Roos-Anne (Sanne) Hans (born 22 September 1984 in Dedemsvaart), is a Dutch singer-songwriter and guitar player. She was part of Ysis until 2008 and later formed the band Miss Montreal.

==Ysis==
Sanne Hans first was part of the formation Ysis made up of her on vocals and guitar, Inge van Calkar also on guitar and vocals and Ilse Gerritsen on the cello. They all stutter, with no impact on their singing.

==Miss Montreal==
October 2008 she started as the lead singer of a new band Miss Montreal, together with Kobus Groen (bass, backing vocals), Michi Schwiemann (guitar), Thijs Rensink (drums) and Peter Hendriks (keyboards). Their first single was "Just a Flirt" followed by a debut album the self-titled Miss Montreal in May 2009 releasing "This is my life" as a second single. She appeared in a number of festivals including in Lowlands, Parkpop, Beatstad and Zwarte Cross and opened for Coldplay at the Goffertpark in front of 70,000 spectators. She sang "Won't You Let Me Have My Way with You" featuring Bertolf Lentink in a joint EP released in 2009 by the two artists.

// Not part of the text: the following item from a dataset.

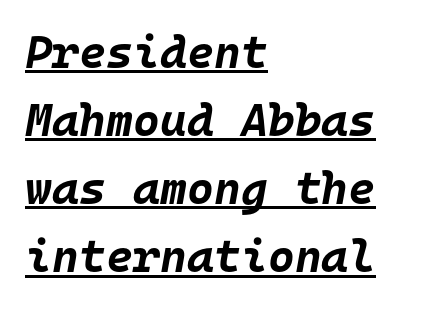
The image shows 46 px bold type, italic (leaning right), monospaced; set left-aligned, normal line spacing (1.48x), normal letter spacing, underlined; low stroke contrast and a large x-height.

The second Miss Montreal album So... Anything Else came in July 2010 with a grand tour of 20 Dutch cities to promote the album. The tour continued until April 2011. Her third album I Am a Hunter was released on 13 April 2012, engaging on another long tour called "S-SS-SSS-Sanne" stretching until March 2013.

==Solo career==
In addition to her work in Ysis and Miss Montreal, she has also pursued a solo career. After Ysis disbanded in 2008, she did advertising features and appeared on various radio and television shows. She also sang "Dansen aan zee" with Dutch band BLØF and "I Am Sorry" with Dutch band Only Seven Left.

She became famous by singing the intro to the children TV program Huisje, Boompje, Beestje in 2009. and in 2012, she appeared as a member of the jury of the television series De beste singer-songwriter van Nederland, and she was a coach on the sixth, seventh and eighth seasons of The Voice of Holland. It was announced on 24 June 2019 by the broadcaster's Facebook, that Sanne would be replacing Ilse Delange as coach in the ninth season of The Voice Kids.

==Discography: Sanne Hans==
===Singles===

| Year | NLD Single Top 100 | Peak positions | Album |
Dutch Album Top 100
| 2015 | "Neem me mee" (with Marco Borsato) | 56 |  |

==Discography: Miss Montreal==
===Albums===

| Year | Album | Peak positions |
Dutch Album Top 100
| 2009 | Miss Montreal | 15 |
| 2010 | So... Anything Else? | 10 |
| 2012 | I Am Hunter | 5 |
| 2014 | Irrational | 3 |
| 2016 | Don't Wake Me Up | 2 |

- Demo albums

| Year | Album | Peak positions |
Dutch Album Top 100
| 2012 | The Home Recordings | 81 |

- Compilation albums

| Year | Album | Peak positions |
Dutch Album Top 100
| 2015 | The Singles Collection | 2 |

- EPs
- 2009: Miss Montreal / Bertolf (joint EP) [8ball Music]

===Singles===

Year: Single; Peak positions; Album
NED Dutch Top 40: NED Dutch Single Top 100; BEL (Fl)
2008: "Just a Flirt"; 11; 4; —; Miss Montreal
2009: "This Is My Life"; Tip6; 19; —
"Seven Friends": Tip3; 31; —
"Addicted to Crying": —; 19; —
"Being Alone at Christmas": 5; 7; —; So... Anything Else?
2010: "Swing the Night Away"; 34; 23; —
"Say What You See": Tip13; —; —
2011: "Wish I Could"; 35; 31; —; I Am Hunter
"I know I Will Be Fine": —; 41; —
2012: "I Am Hunter"; 28; 20; —
"Wonderful Days": 15; 4; —; Non-album release
"Better When It Hurts": Tip8; —; —; I Am Hunter
"Giving Up on You": Tip12; —; —
2013: "Hoe" (with Nielson); 4; 5; 3* (Ultratip)
"Heavy Heart": Tip5; 69; —
"Say Heaven Say Hell": 35; 27; —
2015: "Love You Now"; 23; 82; —
"Ik zoek alleen mezelf" (with Paskal Jakobsen): —; 56; 49* (Ultratip)
2017: "A Million Ways"; 26; —; —
2019: "Scared of Love" (with Wulf); 31; —; —
"Een stap terug": 36; —; —
2020: "Hier"; 37; —; —
2021: "Alles"; 33; 64; —
2025: "Please Just Come Home" (with Douwe Bob); —; 87; —

Tip means the release did not chart on the Dutch Top 40, but appeared on the Tipparade for "bubbling under" hits

- Did not appear in the official Belgian Ultratop 50 charts, but rather in the bubbling under Ultratip charts.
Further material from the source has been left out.